◆ **Problem**: Please state how many lines of the data below contain the word "left", offering nothing besides the number.

◆ **Extracted information**:
══════════════════════════════

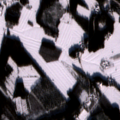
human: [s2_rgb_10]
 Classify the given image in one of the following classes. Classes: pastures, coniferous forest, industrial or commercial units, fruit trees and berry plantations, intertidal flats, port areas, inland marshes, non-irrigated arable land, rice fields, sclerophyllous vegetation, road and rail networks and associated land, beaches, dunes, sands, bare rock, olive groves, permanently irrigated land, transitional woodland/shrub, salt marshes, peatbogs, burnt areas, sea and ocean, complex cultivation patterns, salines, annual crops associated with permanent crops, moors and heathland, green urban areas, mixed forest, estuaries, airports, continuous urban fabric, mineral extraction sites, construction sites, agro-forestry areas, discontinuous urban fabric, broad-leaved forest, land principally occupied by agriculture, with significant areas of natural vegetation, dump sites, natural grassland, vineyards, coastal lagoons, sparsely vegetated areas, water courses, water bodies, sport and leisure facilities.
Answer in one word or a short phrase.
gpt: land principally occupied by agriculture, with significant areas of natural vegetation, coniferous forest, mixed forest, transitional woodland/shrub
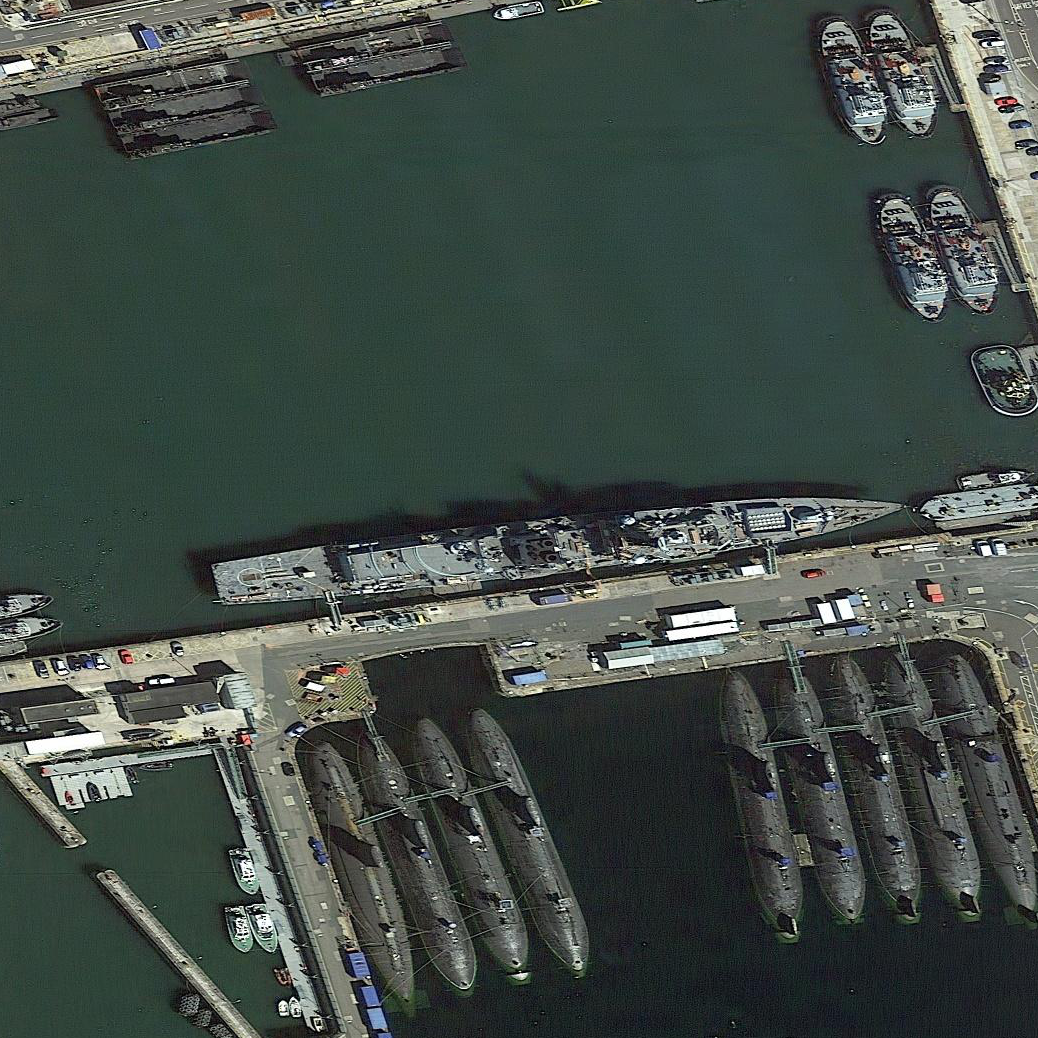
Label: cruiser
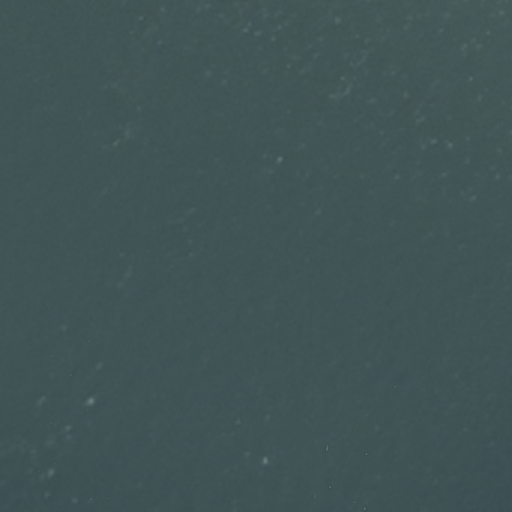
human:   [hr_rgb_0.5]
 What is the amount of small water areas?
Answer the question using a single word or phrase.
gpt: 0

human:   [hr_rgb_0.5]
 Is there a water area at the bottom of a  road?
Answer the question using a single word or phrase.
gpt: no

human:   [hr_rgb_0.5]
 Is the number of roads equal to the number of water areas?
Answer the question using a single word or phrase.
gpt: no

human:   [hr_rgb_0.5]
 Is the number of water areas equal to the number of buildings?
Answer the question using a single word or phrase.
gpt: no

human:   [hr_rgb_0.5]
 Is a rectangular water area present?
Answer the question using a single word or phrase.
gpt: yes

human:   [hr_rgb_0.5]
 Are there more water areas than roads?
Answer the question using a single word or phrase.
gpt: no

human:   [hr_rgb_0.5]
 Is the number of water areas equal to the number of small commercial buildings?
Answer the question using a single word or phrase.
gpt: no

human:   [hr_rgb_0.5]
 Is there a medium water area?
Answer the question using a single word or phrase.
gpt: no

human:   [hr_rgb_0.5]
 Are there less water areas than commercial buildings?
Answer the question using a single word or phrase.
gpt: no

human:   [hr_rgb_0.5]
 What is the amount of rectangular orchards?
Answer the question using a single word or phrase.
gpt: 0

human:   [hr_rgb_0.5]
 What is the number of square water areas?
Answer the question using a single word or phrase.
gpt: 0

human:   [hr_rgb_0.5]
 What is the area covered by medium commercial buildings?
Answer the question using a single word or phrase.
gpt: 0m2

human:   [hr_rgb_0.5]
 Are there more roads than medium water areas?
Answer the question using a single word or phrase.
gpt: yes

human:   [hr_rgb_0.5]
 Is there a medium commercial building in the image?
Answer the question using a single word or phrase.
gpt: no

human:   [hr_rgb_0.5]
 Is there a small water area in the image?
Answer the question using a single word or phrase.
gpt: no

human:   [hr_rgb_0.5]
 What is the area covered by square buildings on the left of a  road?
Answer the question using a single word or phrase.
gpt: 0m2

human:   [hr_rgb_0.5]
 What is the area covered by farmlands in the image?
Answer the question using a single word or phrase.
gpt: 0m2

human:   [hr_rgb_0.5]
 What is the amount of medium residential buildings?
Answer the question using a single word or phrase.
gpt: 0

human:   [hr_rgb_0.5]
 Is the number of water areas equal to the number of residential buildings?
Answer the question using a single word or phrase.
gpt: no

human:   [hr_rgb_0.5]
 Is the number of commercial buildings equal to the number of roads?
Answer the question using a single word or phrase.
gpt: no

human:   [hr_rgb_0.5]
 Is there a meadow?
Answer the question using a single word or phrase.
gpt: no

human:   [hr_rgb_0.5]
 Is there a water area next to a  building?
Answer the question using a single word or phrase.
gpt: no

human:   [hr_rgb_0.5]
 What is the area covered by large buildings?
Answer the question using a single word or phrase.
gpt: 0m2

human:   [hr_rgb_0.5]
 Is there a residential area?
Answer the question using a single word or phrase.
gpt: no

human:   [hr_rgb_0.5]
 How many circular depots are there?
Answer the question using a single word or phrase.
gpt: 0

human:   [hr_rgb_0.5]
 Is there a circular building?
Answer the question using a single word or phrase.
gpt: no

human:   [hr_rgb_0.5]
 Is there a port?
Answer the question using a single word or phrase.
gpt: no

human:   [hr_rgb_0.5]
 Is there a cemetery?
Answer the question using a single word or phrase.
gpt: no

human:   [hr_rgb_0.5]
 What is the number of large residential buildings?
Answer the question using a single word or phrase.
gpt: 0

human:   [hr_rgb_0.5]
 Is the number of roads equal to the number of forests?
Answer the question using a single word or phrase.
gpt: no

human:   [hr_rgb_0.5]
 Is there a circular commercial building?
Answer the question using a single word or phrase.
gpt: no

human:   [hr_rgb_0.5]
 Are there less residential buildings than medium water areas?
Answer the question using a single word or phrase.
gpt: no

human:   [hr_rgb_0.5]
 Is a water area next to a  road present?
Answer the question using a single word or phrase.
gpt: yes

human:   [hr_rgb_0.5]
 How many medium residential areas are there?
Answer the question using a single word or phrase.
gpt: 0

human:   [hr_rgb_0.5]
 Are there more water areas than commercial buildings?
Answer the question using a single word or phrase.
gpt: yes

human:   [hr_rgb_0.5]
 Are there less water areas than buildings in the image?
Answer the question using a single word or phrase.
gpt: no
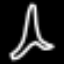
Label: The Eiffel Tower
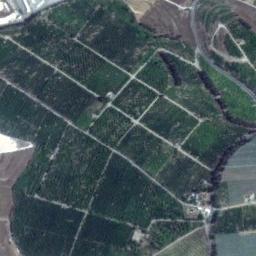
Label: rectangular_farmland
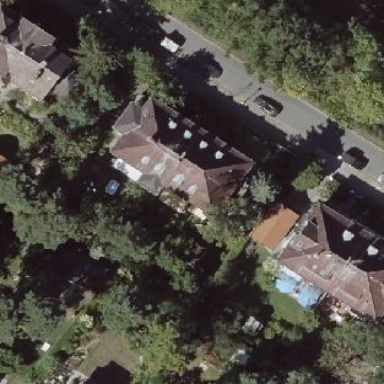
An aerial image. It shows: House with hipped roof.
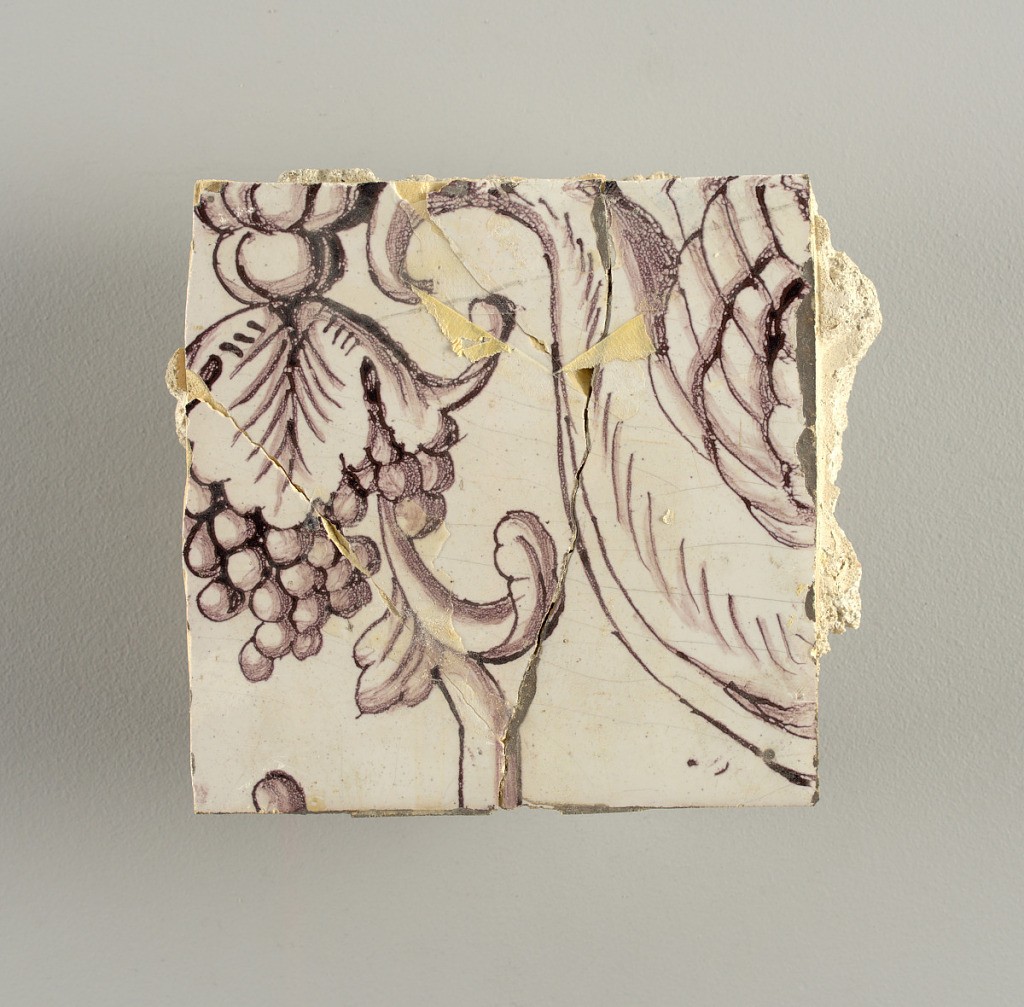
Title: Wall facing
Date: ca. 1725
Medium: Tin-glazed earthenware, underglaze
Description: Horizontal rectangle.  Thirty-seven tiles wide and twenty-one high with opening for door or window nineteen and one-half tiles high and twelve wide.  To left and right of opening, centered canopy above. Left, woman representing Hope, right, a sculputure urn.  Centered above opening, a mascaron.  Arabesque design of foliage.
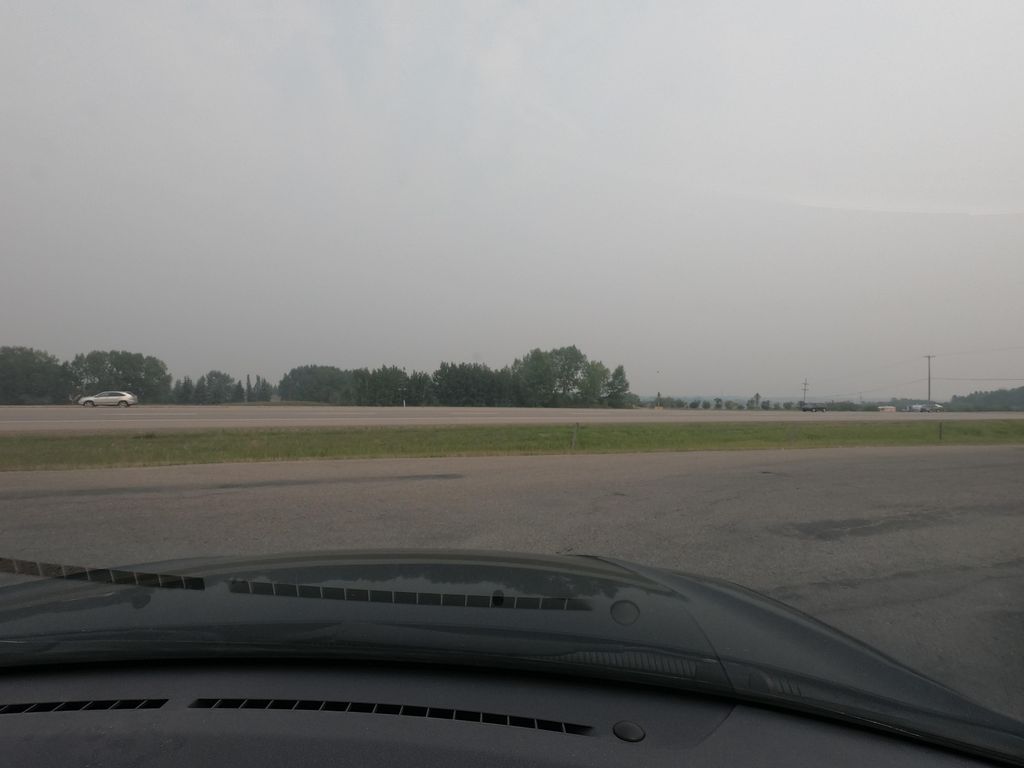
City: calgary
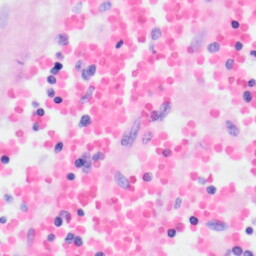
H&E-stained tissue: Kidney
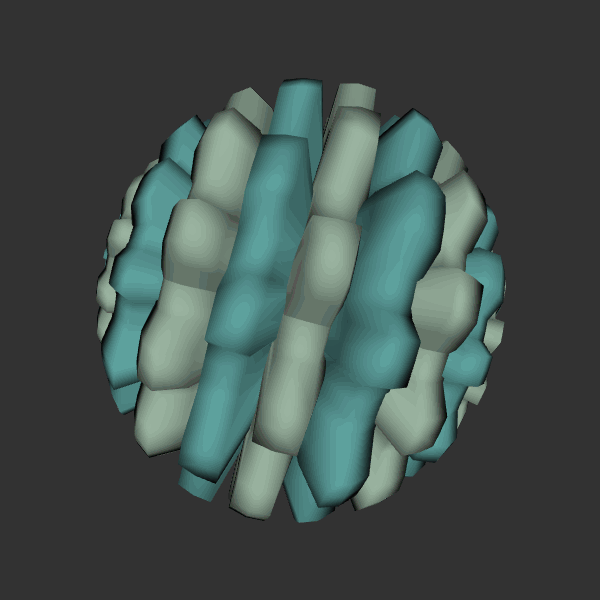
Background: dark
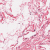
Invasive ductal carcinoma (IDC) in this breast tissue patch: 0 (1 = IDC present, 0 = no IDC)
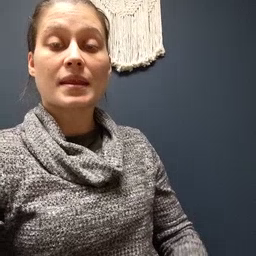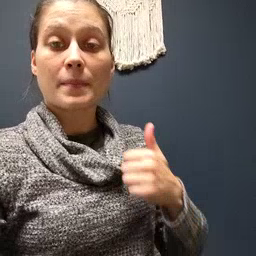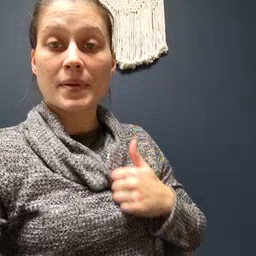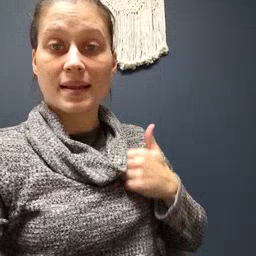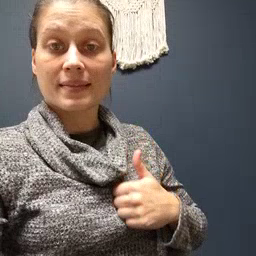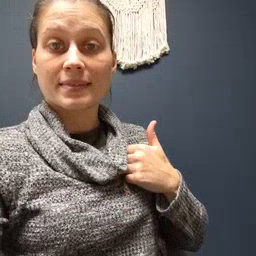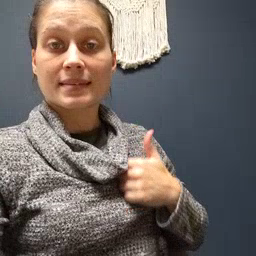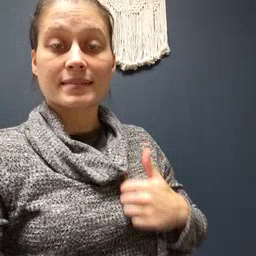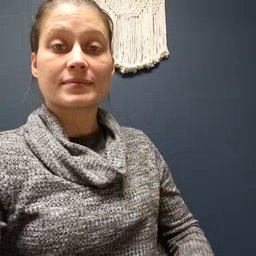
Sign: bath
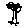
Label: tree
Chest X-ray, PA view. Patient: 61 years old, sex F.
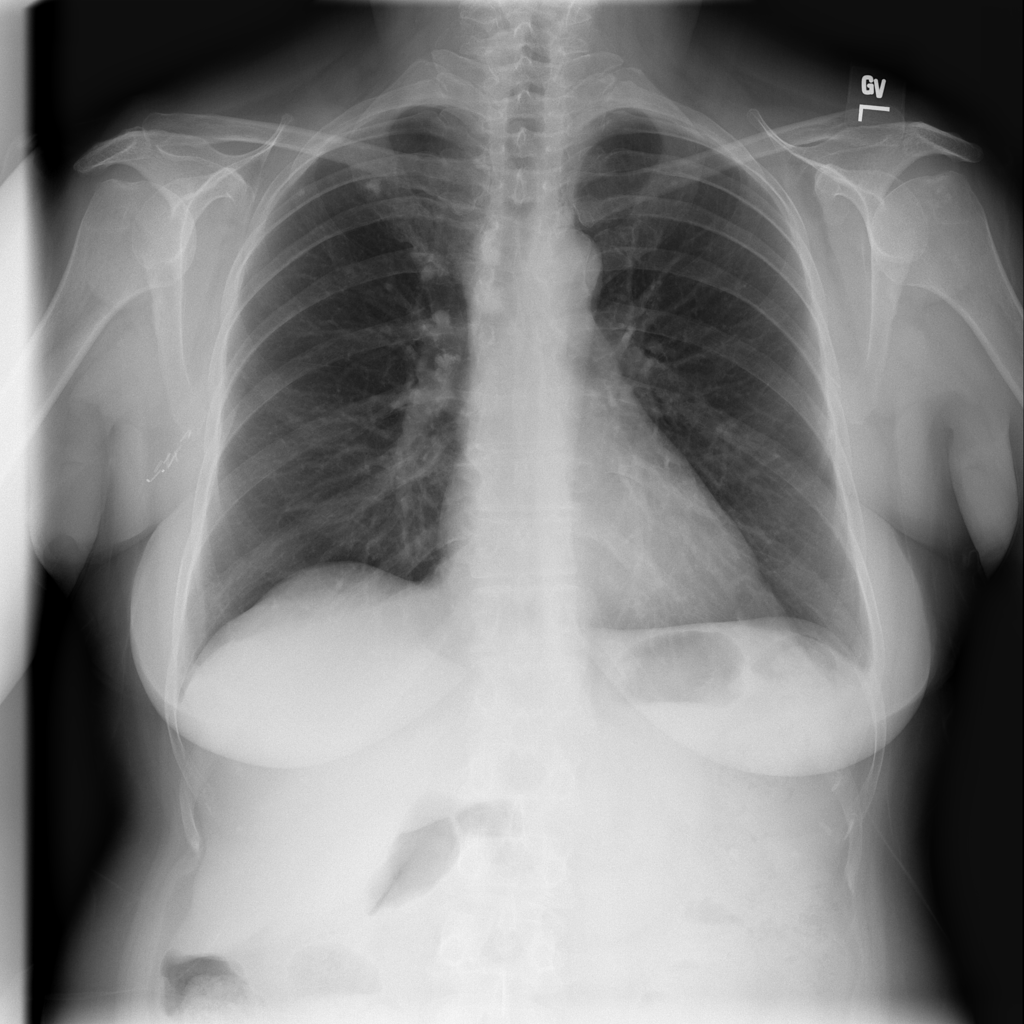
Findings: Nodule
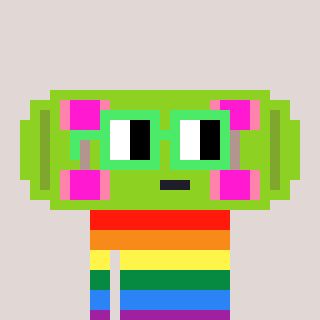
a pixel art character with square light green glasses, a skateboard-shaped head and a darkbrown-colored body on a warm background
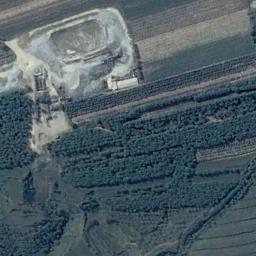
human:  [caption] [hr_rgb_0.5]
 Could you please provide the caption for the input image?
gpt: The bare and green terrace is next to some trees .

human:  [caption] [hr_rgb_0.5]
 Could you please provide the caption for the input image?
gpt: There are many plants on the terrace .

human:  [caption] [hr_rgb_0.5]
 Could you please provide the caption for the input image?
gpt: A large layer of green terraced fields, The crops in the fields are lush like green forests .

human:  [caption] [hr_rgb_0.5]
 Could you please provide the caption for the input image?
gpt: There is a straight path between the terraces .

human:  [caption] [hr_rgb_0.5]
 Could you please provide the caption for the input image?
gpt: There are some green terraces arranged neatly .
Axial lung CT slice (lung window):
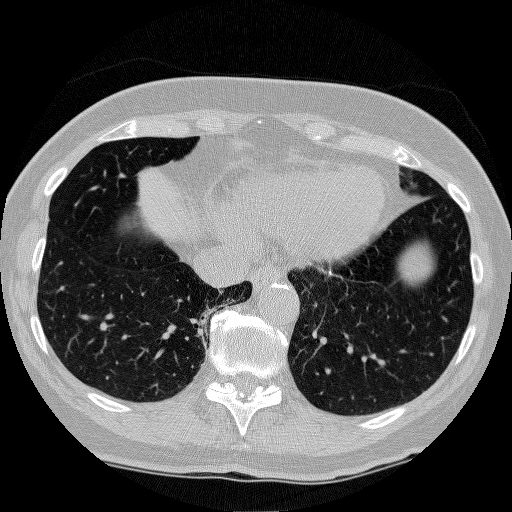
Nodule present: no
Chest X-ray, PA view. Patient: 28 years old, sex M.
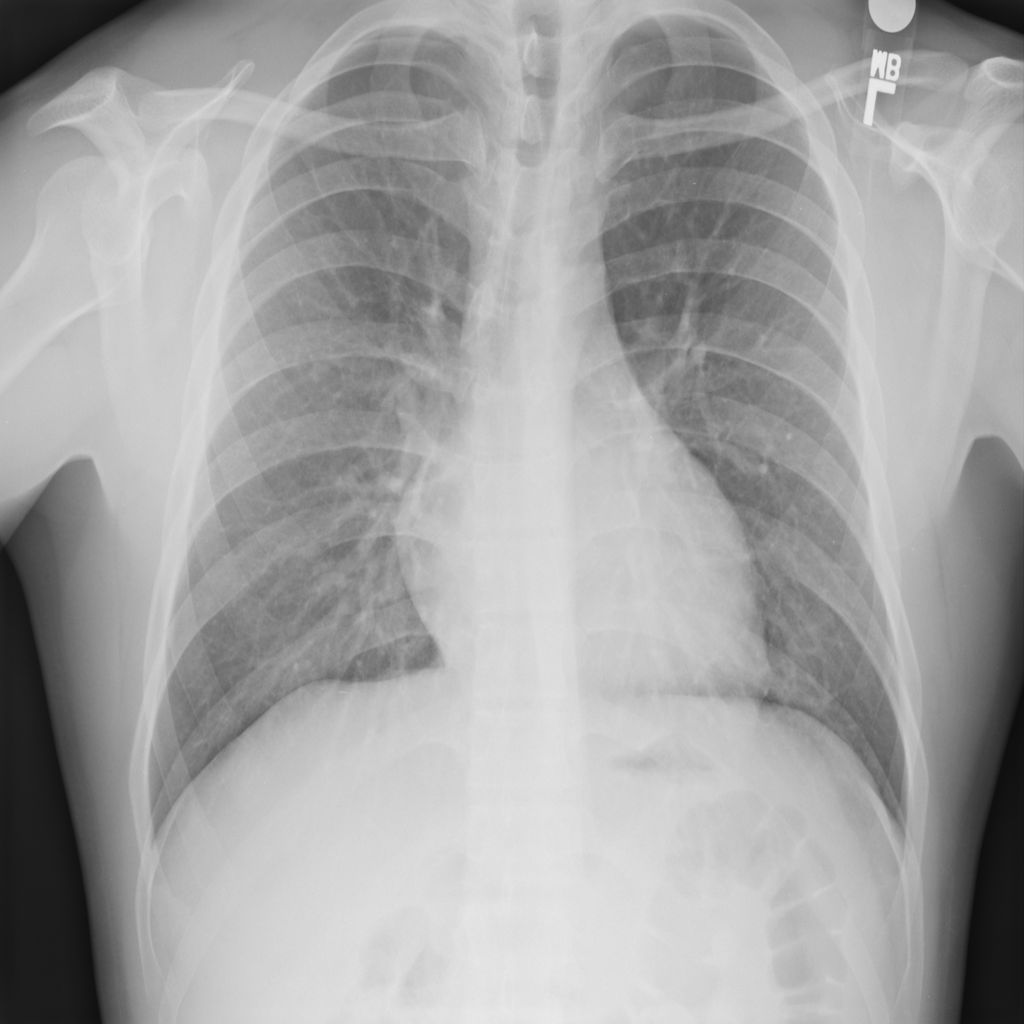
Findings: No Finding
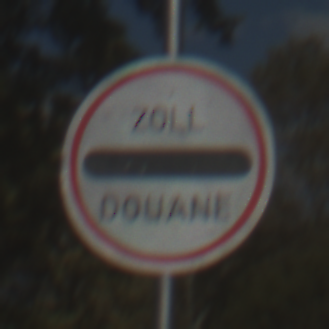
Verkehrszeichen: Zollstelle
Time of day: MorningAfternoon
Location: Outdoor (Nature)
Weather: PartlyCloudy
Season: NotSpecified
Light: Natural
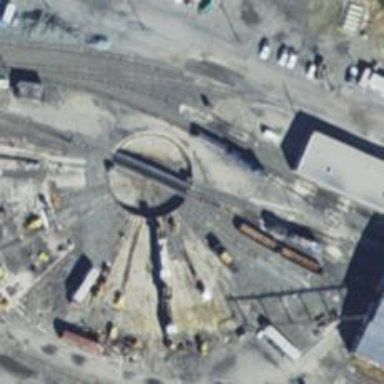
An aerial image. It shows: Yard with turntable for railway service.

══════════════════════════════

◆ **Answer below**: 2